→ **EXERCISE PROMPT**
This exercise requires an exact output of the listing, images omitted.

→ **SOURCE DATA**
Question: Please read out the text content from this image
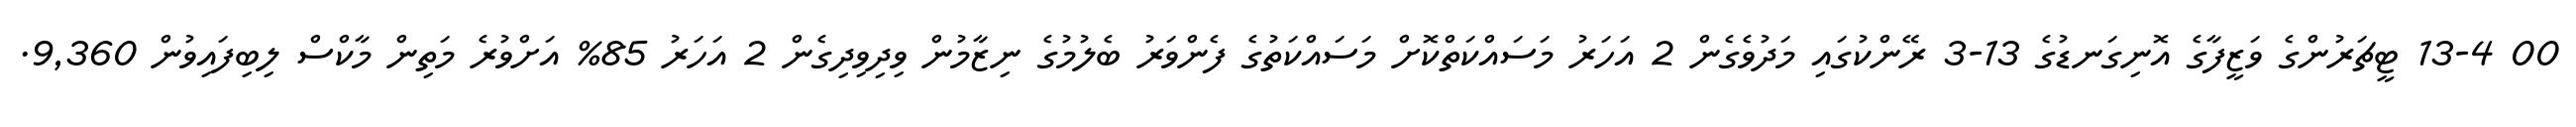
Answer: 00 13-4 ޓީޗަރުންގެ ވަޒީފާގެ އޮނިގަނޑުގެ 13-3 ރޭންކުގައި މަދުވެގެން 2 އަހަރު މަސައްކަތްކޮށް މަސައްކަތުގެ ފެންވަރު ބެލުމުގެ ނިޒާމުން ވިދިވިދިގެން 2 އަހަރު 85% އަށްވުރެ މަތިން މާކްސް ލިބިފައިވުން 9,360.
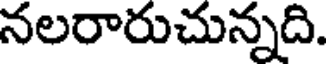
నలరారుచున్నది.
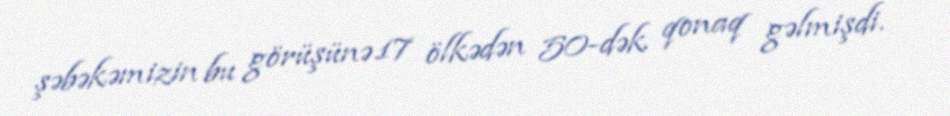
şəbəkəmizin bu görüşünə 17 ölkədən 50-dək qonaq gəlmişdi.
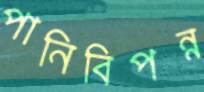
পানিবিপন্ন
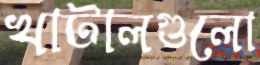
খাটালগুলো
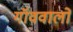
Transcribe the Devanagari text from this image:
गॉववालों
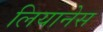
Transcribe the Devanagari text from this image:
लियानेस
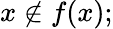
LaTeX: x\notin f(x);
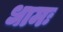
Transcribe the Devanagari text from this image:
धामः
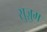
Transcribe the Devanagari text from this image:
सुज़ुम
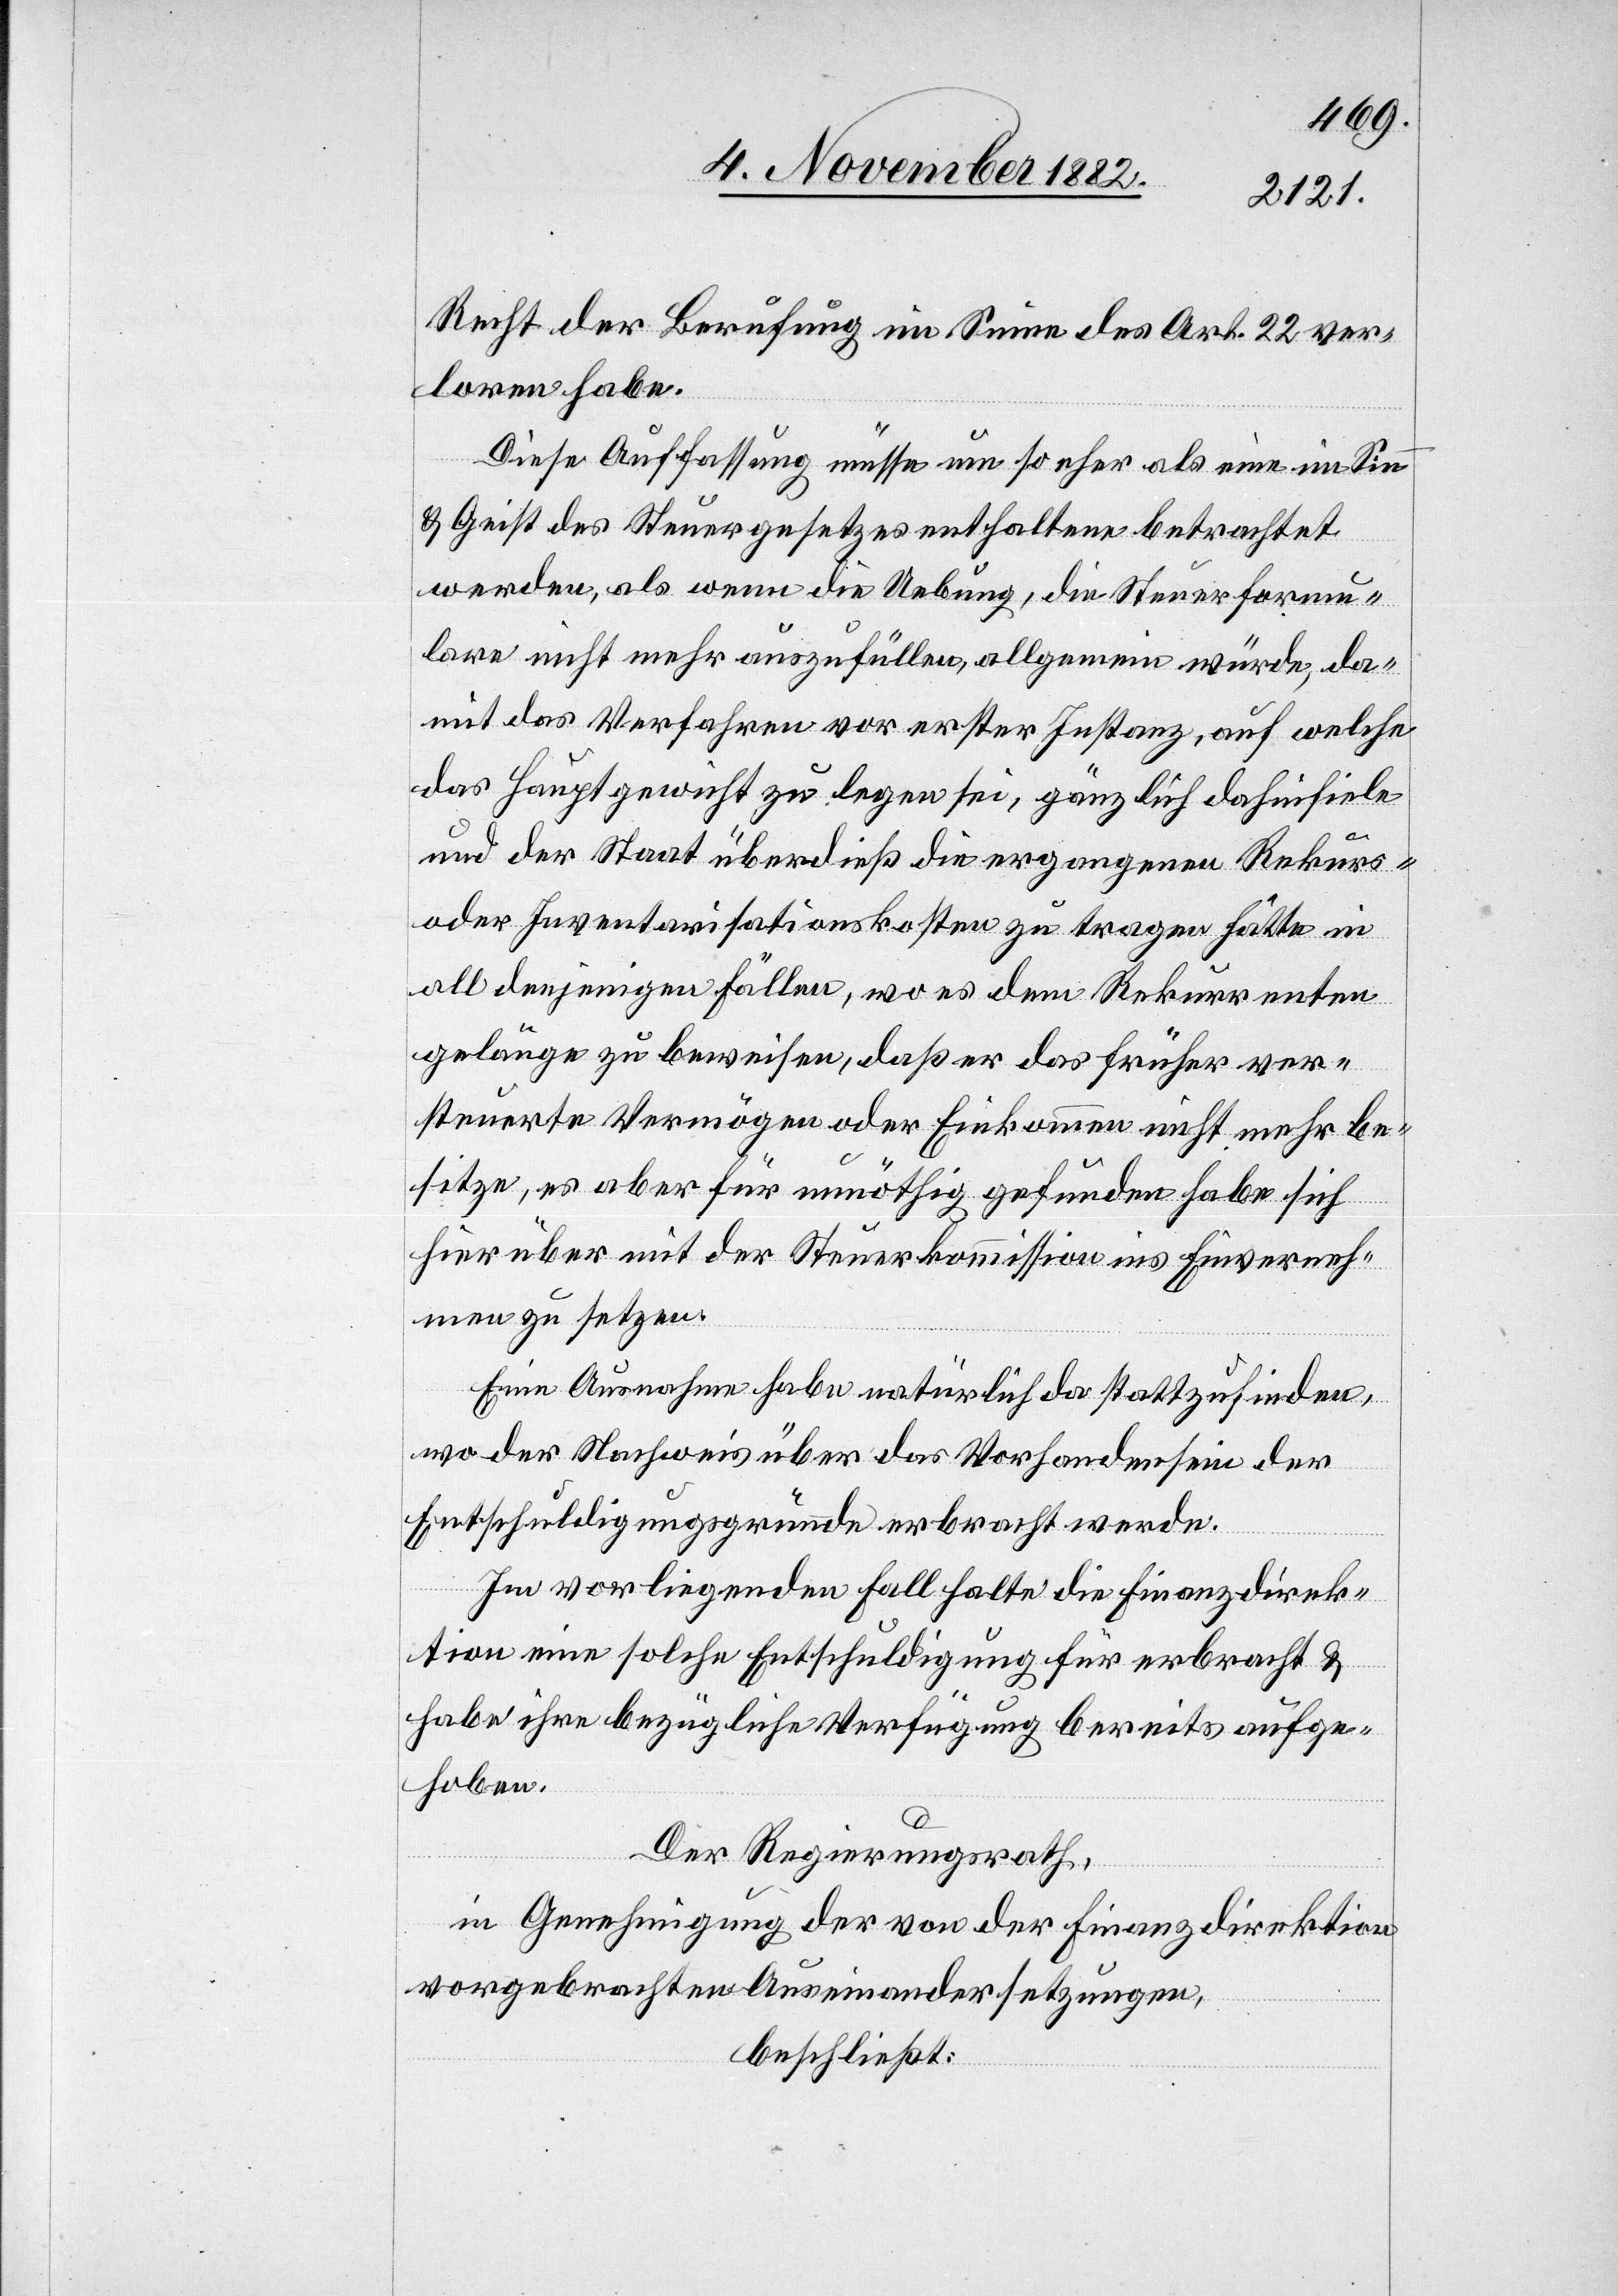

→ **RESULT**
Question: Please read out the text content from this image
Answer: 00 13-4 ޓީޗަރުންގެ ވަޒީފާގެ އޮނިގަނޑުގެ 13-3 ރޭންކުގައި މަދުވެގެން 2 އަހަރު މަސައްކަތްކޮށް މަސައްކަތުގެ ފެންވަރު ބެލުމުގެ ނިޒާމުން ވިދިވިދިގެން 2 އަހަރު 85% އަށްވުރެ މަތިން މާކްސް ލިބިފައިވުން 9,360.
నలరారుచున్నది.
şəbəkəmizin bu görüşünə 17 ölkədən 50-dək qonaq gəlmişdi.
পানিবিপন্ন
খাটালগুলো
Transcribe the Devanagari text from this image:
गॉववालों
Transcribe the Devanagari text from this image:
लियानेस
LaTeX: x\notin f(x);
Transcribe the Devanagari text from this image:
धामः
Transcribe the Devanagari text from this image:
सुज़ुम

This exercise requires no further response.